Defining a Prepared SQL Statement

Prepared SQL statements are defined using the sp_prepare stored procedure. Consider this simple query to return customer details.

SELECT CustomerName, AccountOpenedDate, StandardDiscountPercentage, PaymentDays FROM Sales.Customers WHERE CustomerID = 5;

This is the sort of query an application would likely call again and again for different customers. Storing it as a prepared SQL Statement can ensure that future executions are identical to this one without having to recreate the SQL each time.

Enter the sp_prepare stored procedure. Its job is to accept the SQL statement and a parameter list. They will be stored for future execution. It will return a number that refers to the saved query. This number will later be used to run the saved SQL statement.

The procedure accomplishes this via three parameters in this order:

  1. Output parameter of type INT - the number used to identify the query.
  2. A list of parameters defined within a Unicode string value.
  3. SQL statement - may reference variables defined in the second parameter. It is also a Unicode string. The capital N values that precede the second and third parameters mean that they are Unicode strings. They are required.

Below is the same query as above, except it will be saved as a prepared statement for later execution.

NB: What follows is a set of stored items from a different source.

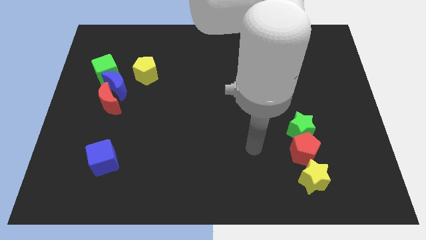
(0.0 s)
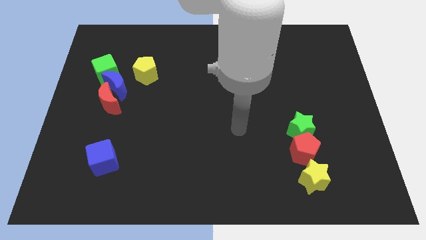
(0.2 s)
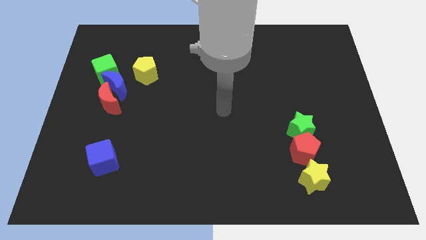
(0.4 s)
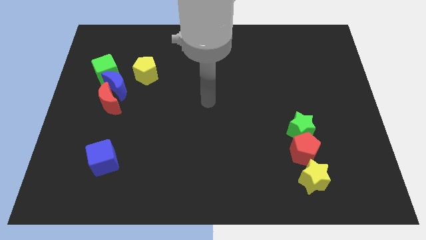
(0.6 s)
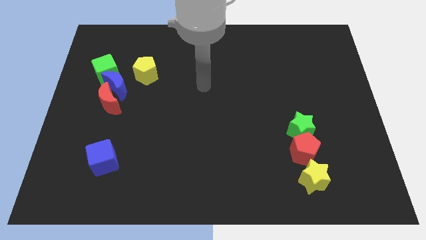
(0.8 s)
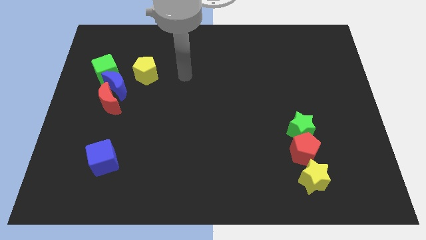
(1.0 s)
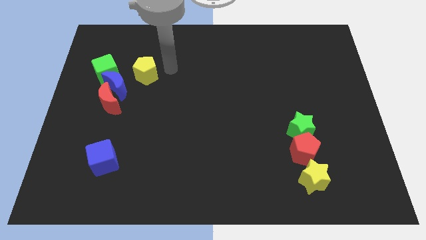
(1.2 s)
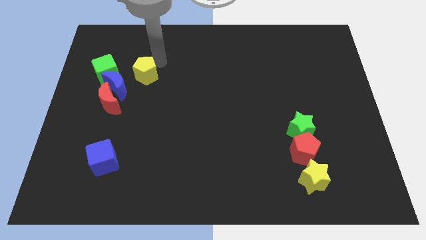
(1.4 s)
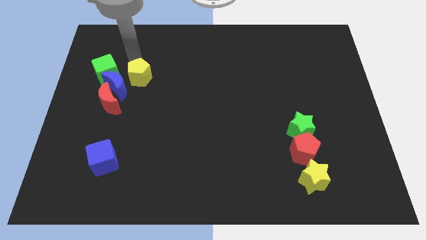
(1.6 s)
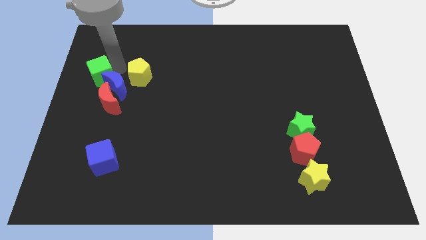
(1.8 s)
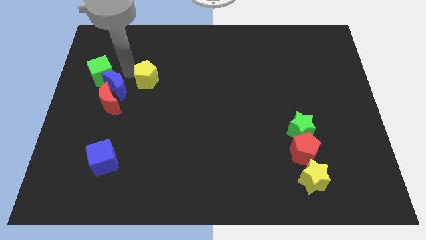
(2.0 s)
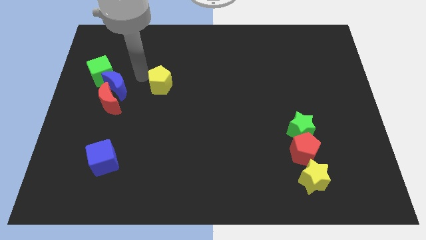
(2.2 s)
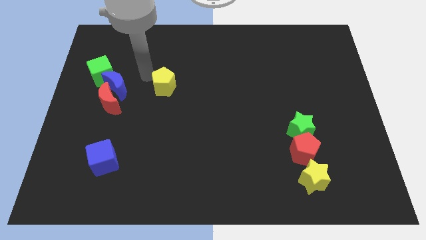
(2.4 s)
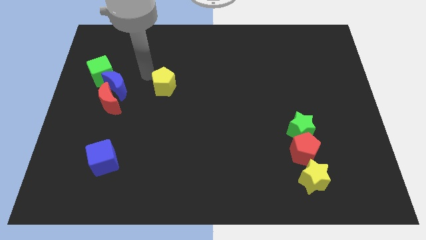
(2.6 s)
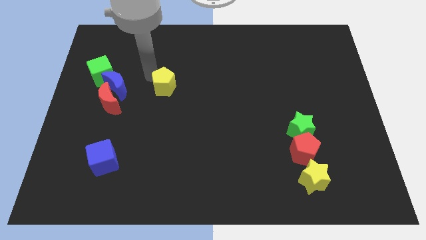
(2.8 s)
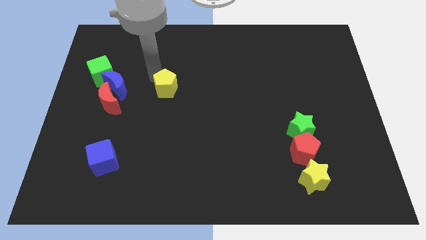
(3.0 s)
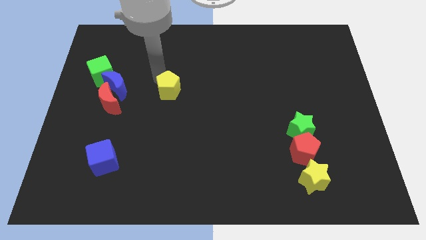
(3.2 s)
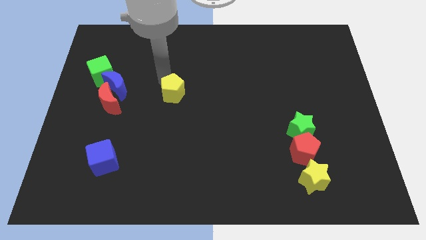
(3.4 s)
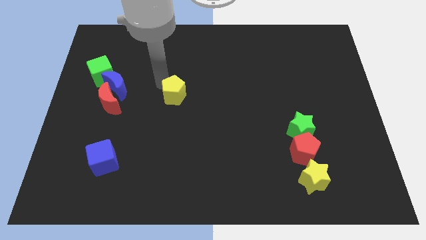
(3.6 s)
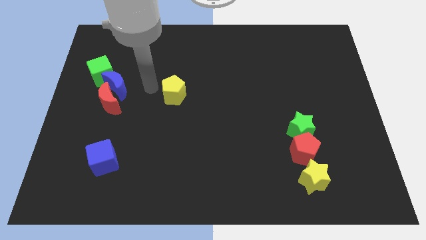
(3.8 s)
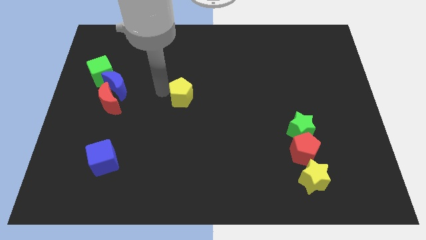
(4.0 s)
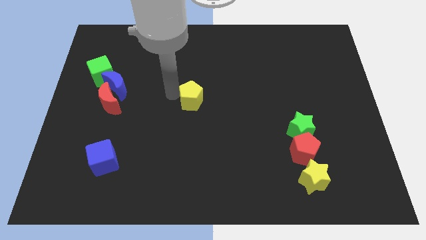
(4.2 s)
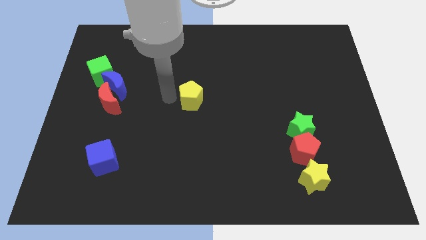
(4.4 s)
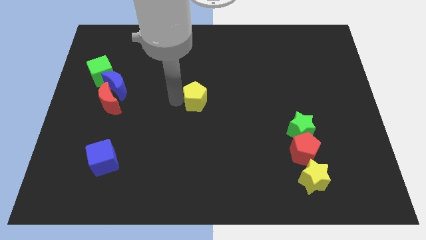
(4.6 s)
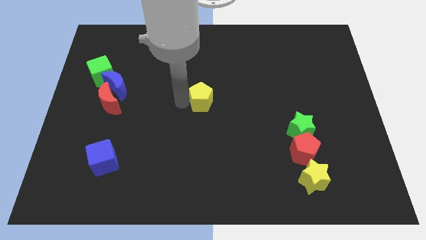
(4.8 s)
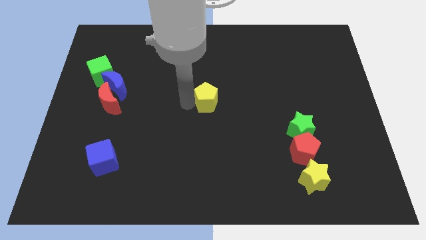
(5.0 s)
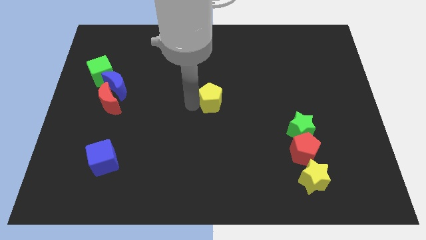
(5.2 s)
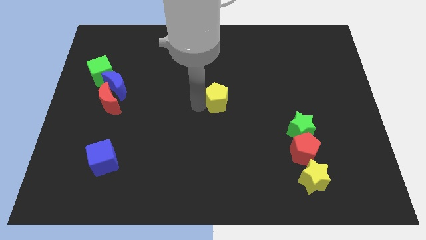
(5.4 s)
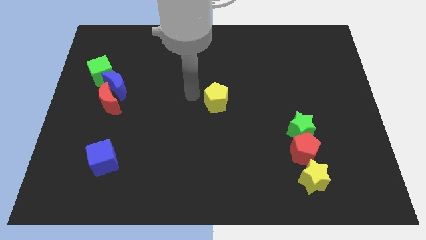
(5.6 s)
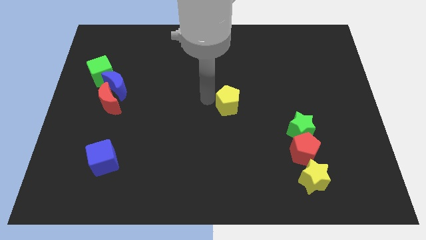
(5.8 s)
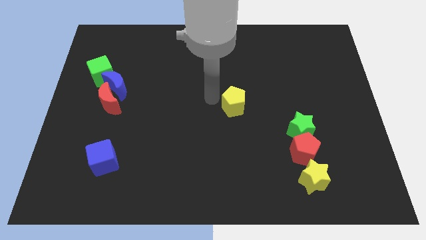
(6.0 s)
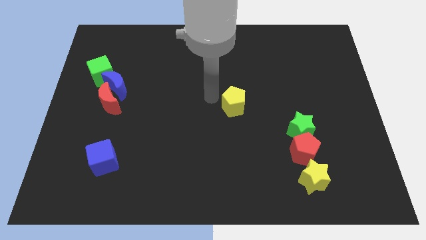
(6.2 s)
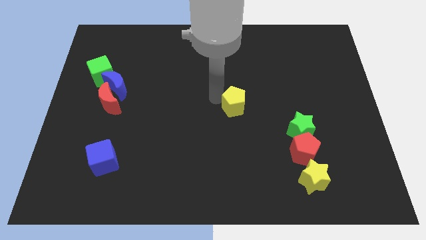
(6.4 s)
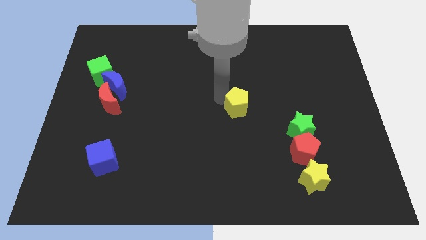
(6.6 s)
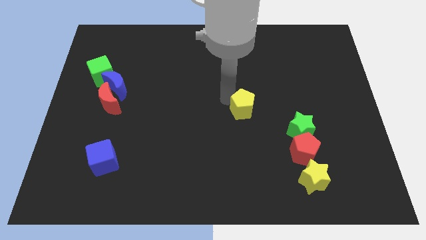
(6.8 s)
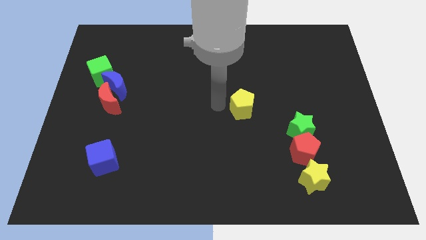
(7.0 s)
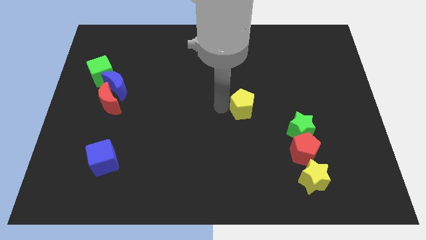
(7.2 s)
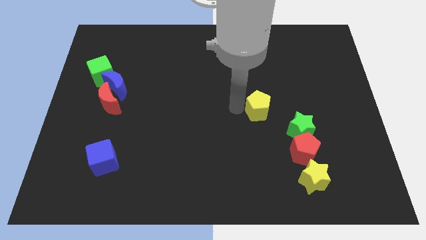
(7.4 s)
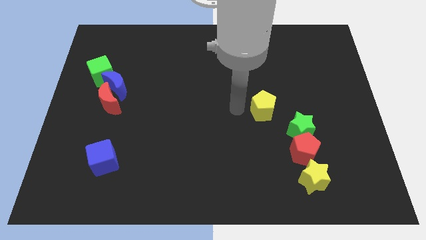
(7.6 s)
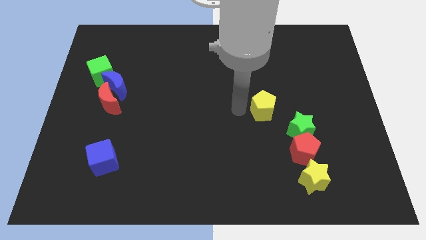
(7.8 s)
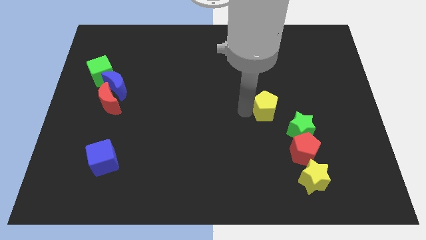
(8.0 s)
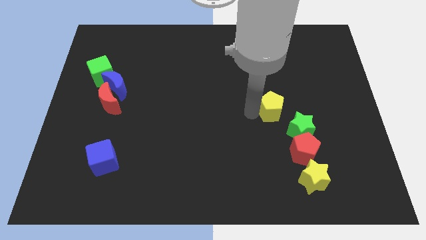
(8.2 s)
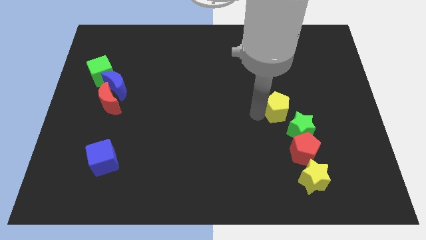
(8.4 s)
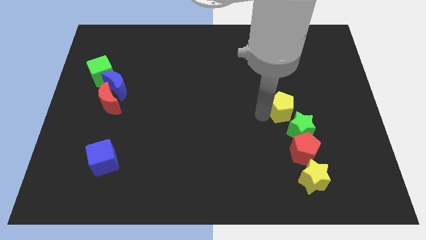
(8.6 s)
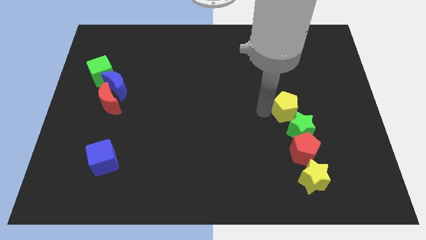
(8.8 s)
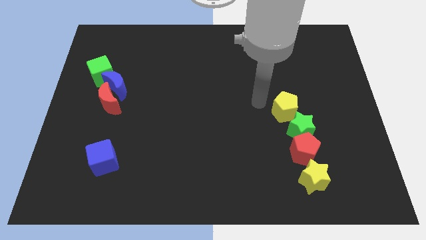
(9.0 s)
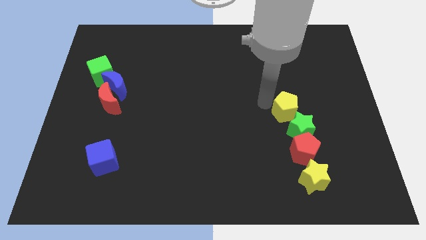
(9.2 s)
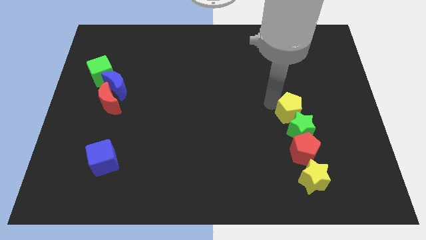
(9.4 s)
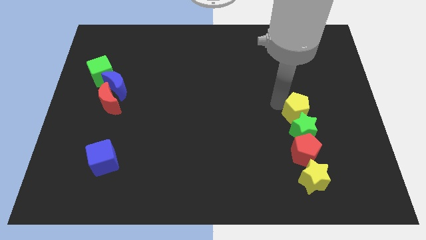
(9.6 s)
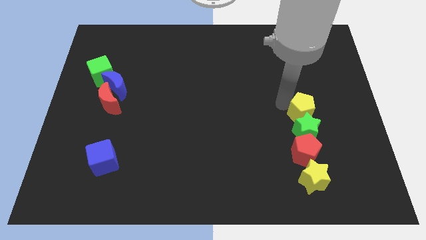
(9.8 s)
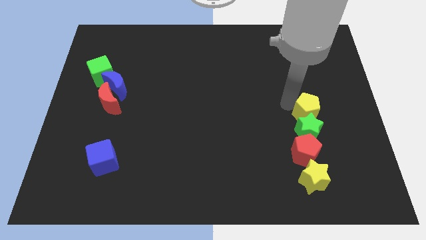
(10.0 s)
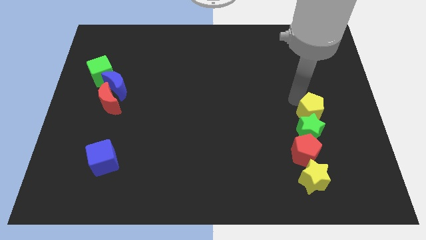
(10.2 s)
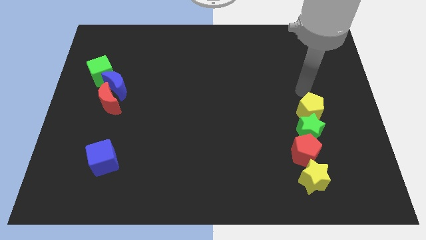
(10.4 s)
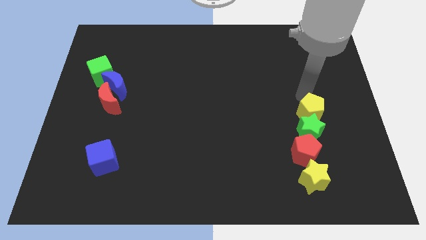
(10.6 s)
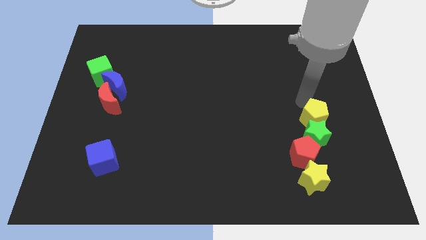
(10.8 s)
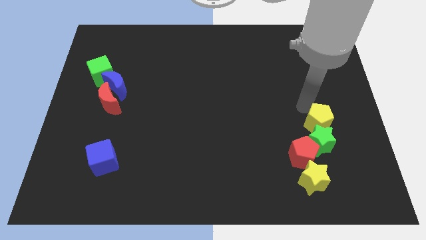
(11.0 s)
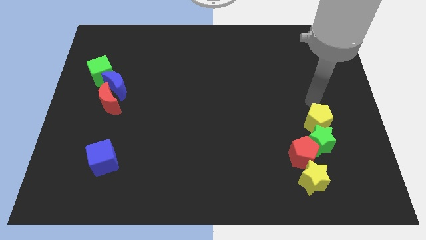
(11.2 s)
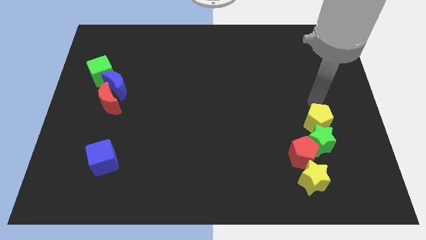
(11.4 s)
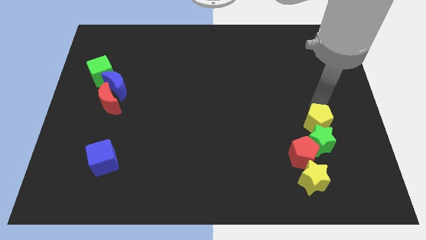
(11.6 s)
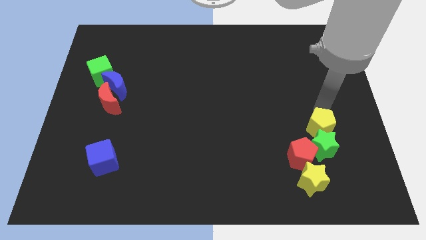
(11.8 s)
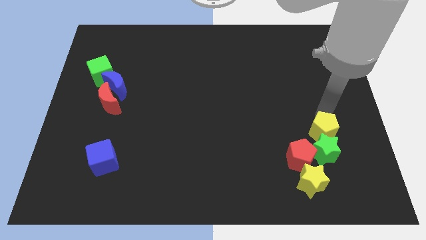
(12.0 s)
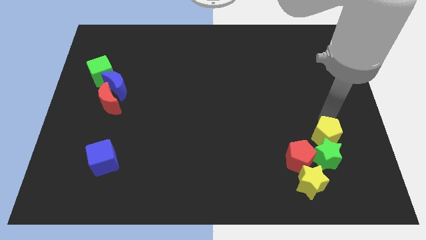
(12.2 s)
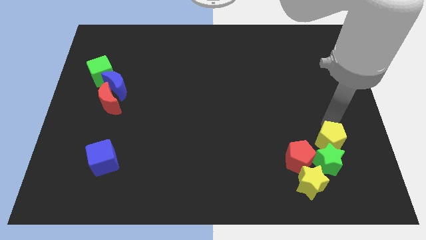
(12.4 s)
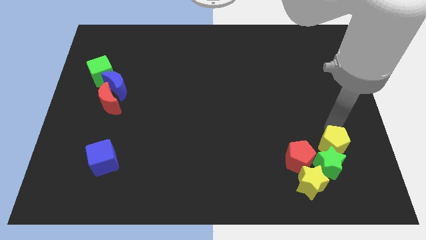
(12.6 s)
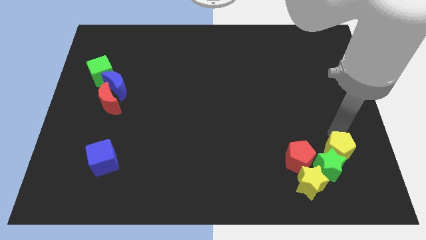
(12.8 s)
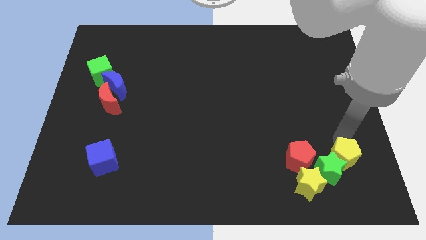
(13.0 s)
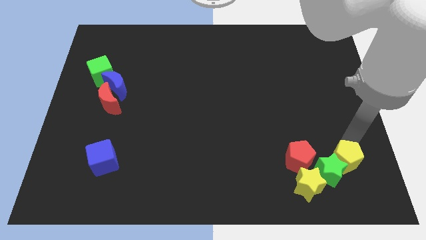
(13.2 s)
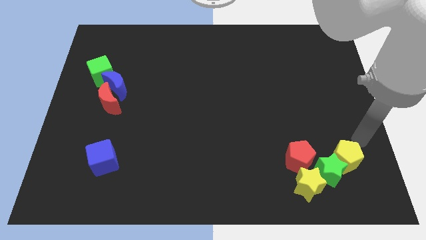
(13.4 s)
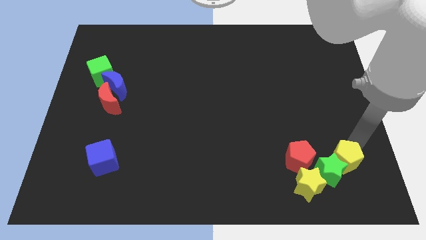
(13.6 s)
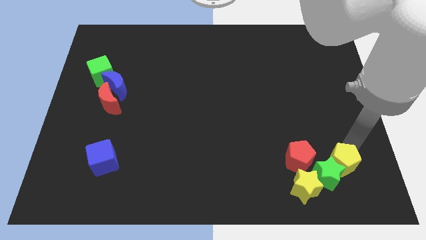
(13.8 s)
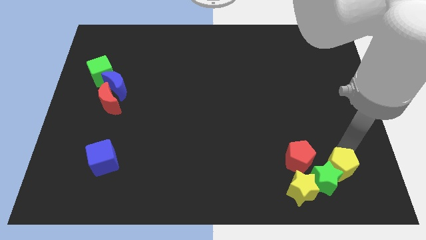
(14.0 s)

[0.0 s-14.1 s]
slide the yellow pentagon diagonally down and to the right of the red pentagon

DECLARE @PreparedStatementNumber INT;
EXEC sp_prepare @PreparedStatementNumber OUTPUT,
    N'@CustID INT',
    N'SELECT CustomerName, AccountOpenedDate, StandardDiscountPercentage, PaymentDays FROM Sales.Customers WHERE CustomerID = @CustID;';
 
SELECT @PreparedStatementNumber;

The results of this script will be two datasets:

  1. An empty result set that matches the output of the query. It may be used by an application to build an object that can later hold the results of this query, and
  2. An integer that will be used to call this prepared SQL statement. (For this demo, the value will be 1 since it will be the first and only statement prepared on this SPID.)

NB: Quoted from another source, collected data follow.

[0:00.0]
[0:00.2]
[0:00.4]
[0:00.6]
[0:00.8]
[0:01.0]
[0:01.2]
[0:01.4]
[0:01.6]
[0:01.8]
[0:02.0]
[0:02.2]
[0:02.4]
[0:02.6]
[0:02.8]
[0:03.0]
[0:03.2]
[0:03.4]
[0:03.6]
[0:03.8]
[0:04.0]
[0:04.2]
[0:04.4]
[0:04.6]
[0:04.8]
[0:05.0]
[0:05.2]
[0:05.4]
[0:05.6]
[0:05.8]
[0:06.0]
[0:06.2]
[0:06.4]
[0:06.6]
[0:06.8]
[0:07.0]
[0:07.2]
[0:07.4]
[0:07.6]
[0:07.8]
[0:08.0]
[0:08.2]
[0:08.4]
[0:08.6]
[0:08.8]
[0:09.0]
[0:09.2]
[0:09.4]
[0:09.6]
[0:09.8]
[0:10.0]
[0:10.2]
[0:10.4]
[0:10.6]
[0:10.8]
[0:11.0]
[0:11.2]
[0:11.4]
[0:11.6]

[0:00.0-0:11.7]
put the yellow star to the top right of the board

Calling a Prepared SQL Statement

Once a statement has been saved via sp_prepare, it can be executed using sp_execute. This procedure accepts a number parameter that coincides with the number that was assigned and returned when the query was prepared. After that, it will accept one value for each parameter that was defined. Since the query saved in the prior demo had only one parameter, there will only be one additional parameter to sp_execute.

This can lead to some very strange-looking procedure calls. The 1 is the prepared statement ID and the 5 is the parameter value for CustID.

EXEC sp_execute 1, 5;

The output of this sp_execute statement is identical to the output of the first query at the beginning of this tip.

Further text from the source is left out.